Missouri Testing Laboratory Co-owner Sentenced to Prison for $3.8M in Fraudulent Billing

A former Missouri healthcare company owner was sentenced on August 14, 2024, to 20 months in prison and fined $100,000 for submitting over $3.8 million in fraudulent claims to Medicare, Medicaid, and private healthcare benefit programs. His co-defendant, a physician, pleaded guilty in November 2022, satisfied the restitution owed, and agreed to forfeit $3.1 million in assets.

The defendants had obtained accreditation from the Centers for Disease Control and Prevention’s (CDC) Clinical Laboratory Improvement Amendments (CLIA) for two laboratories, claiming they were for human tissue anal sis and testing. The scheme began in 2014, with the labs operating as separate entities but concealing that they were in the same building, shared a part-time employee, and used the same equipment.

The defendants misrepresented their operations in CLIA applications by altering one lab’s testing hours to avoid overlap and maintaining separate logs, despite all tests being conducted at the same facility.

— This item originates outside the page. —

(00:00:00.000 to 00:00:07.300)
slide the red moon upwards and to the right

They hid their co-ownership and profit-sharing arrangement from Medicare, Medicaid, and private insurers, cross-referring tests like urine specimens between labs.

They also concealed that their labs lacked necessary equipment for specialized analyses, outsourcing these tests to external labs despite knowing that Medicare, Medicaid, and many private insurers prohibit “pass-through billing.” When insurers scrutinized their claims and refused payment, the defendants created a third lab company solely for billing purposes, using a CLIA number from one of the other labs.

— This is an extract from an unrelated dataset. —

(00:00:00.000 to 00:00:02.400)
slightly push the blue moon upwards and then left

In several instances, each lab submitted claims for testing the same specimen from the same individual on the same day, a practice known as “split-billing.” This generated $1.4 million from pass-through billing and $2.4 million from split billing from Medicare, Medicaid, and private insurers.

Compliance Perspective

Issue

Healthcare fraud can involve medical providers, company owners, patients, and others who intentionally deceive the healthcare system to obtain unlawful benefits or payments. Submitting false or fraudulent claims to Medicare or Medicaid is illegal. Filing false claims may result in fines of up to three times the programs’ loss plus $11,000 per claim filed. Under the civil False Claims Act, each billed item or service to Medicare or Medicaid counts as a separate claim, which means fines can accumulate quickly. The Office of Inspector General (OIG) strongly encourages nursing facilities to implement comprehensive procedures to ensure that services are provided at the appropriate quality and level and are delivered as ordered and reported in reimbursement claims. Accurate documentation at the time of service is essential to support billing. Facility staff should be knowledgeable in identifying and reporting suspicious billing practices. Additionally, a nonretaliatory environment for reporting suspicious billing practices is mandatory for all facilities.

Discussion Points

    • Regularly review and update your policies and procedures for preventing and reporting false claims and suspicious billing practices. Ensure that they reflect current regulations and best practices.
    • Train all staff on what constitutes a false claim, how to recognize suspicious billing practices, and the importance of prompt reporting. Emphasize that reporting concerns is mandatory. Document that these trainings occurred, and file the signed documents in each employee’s education file.
    • Periodically perform audits to ensure all staff are aware of their responsibility to identify compliance and ethics concerns and to promptly report violations to their supervisor, the compliance and ethics officer, or via the anonymous hotline. Perform Triple Checks for all Medicare Part A claims prior to submission to ensure that medical necessity is supported by appropriate documentation, and that services meet skilled care requirements.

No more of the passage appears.